Le bon itinéraire dépend surtout de votre usage
- Mappy est l’une des rares solutions à proposer directement un mode trottinette.
- Géovélo convient très bien aux trajets urbains grâce à ses options de sécurité et de confort.
- Google Maps reste pratique pour comparer rapidement plusieurs itinéraires, mais ses propositions doivent être contrôlées.
- Komoot est intéressant pour les longues balades, les sorties périphériques et le dénivelé.
- Prévoyez au moins 30 % de batterie de réserve sur un trajet inconnu ou vallonné.
- En France, la vitesse maximale autorisée est de 25 km/h et l’assurance responsabilité civile est obligatoire.

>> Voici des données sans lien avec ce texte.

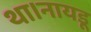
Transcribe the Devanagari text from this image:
था।नायडू
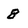
Character: 8
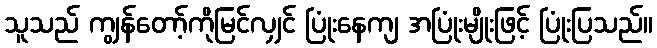
သူသည် ကျွန်တော့်ကိုမြင်လျှင် ပြုံးနေကျ အပြုံးမျိုးဖြင့် ပြုံးပြသည်။

Quelle application choisir pour calculer un trajet en trottinette
Je ne cherche pas forcément l’application qui affiche le temps le plus court. Pour une trottinette électrique, la qualité du parcours compte davantage que quelques minutes gagnées. Une rue très fréquentée, une intersection compliquée ou une piste cyclable interrompue peuvent rendre un itinéraire théoriquement rapide beaucoup moins agréable.

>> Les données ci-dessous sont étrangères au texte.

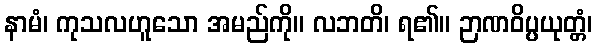
နာမံ၊ ကုသလဟူသော အမည်ကို။ လဘတိ၊ ရ၏။ ဉာဏဝိပ္ပယုတ္တံ၊
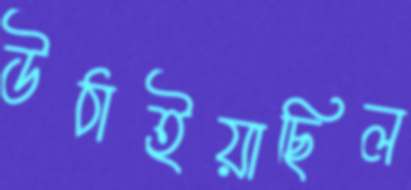
উঠাইয়াছিল
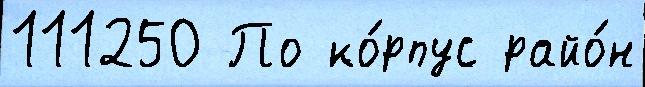
111250 По ко́рпус райо́н

Le choix dépend donc de votre situation. Pour un déplacement quotidien en ville, je privilégie une application qui connaît bien les aménagements cyclables. Pour une balade, je regarde plutôt le revêtement, le dénivelé et la possibilité de télécharger la carte. Pour une trottinette en libre-service, l’application du loueur ajoute les informations essentielles sur les zones de circulation et de stationnement.

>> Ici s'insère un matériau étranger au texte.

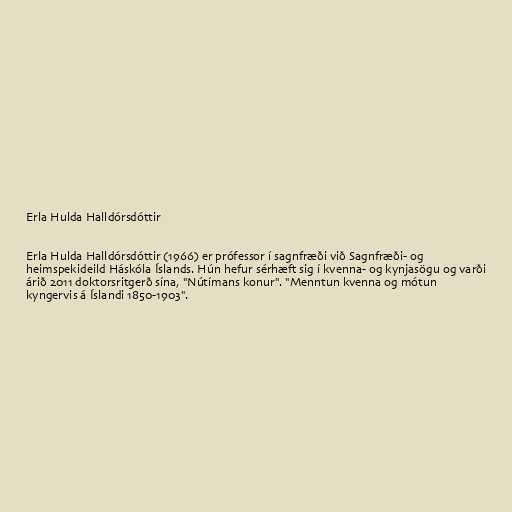
Erla Hulda Halldórsdóttir

Erla Hulda Halldórsdóttir (1966) er prófessor í sagnfræði við Sagnfræði- og
heimspekideild Háskóla Íslands. Hún hefur sérhæft sig í kvenna- og kynjasögu og varði
árið 2011 doktorsritgerð sína, "Nútímans konur". "Menntun kvenna og mótun
kyngervis á Íslandi 1850-1903".

| Application ou solution | Usage le plus pertinent | Atouts | Limites |
|---|---|---|---|
| Mappy | Trajet urbain direct | Mode trottinette identifié, comparaison des itinéraires, informations routières | La qualité du parcours dépend fortement des données locales |
| Géovélo | Trajet sécurisé en ville | Pistes cyclables, options rapide ou sécurisé, personnalisation du parcours | Conçu d’abord pour le vélo, certains détours peuvent sembler longs |
| Google Maps | Recherche rapide d’un point à un autre | Adresses très complètes, comparaison avec les transports et le vélo | Peut proposer des passages peu adaptés à une trottinette |
| Komoot | Balade ou trajet avec dénivelé | Planification détaillée, étapes, profils de parcours, cartes hors ligne selon l’offre | Plus riche, mais parfois moins rapide à configurer |
| Application du loueur | Trottinette en libre-service | Disponibilité des véhicules, zone de service, stationnement autorisé | Navigation souvent secondaire et limitée au périmètre du service |
Pour un usage régulier, mon choix va généralement à Géovélo pour la sécurité et à Mappy lorsque je veux obtenir rapidement un itinéraire explicitement prévu pour une trottinette. Je garde Google Maps comme outil de vérification, pas comme arbitre absolu. Cette combinaison permet souvent de repérer un détour inutile ou, au contraire, une rue que la première application a mal interprétée.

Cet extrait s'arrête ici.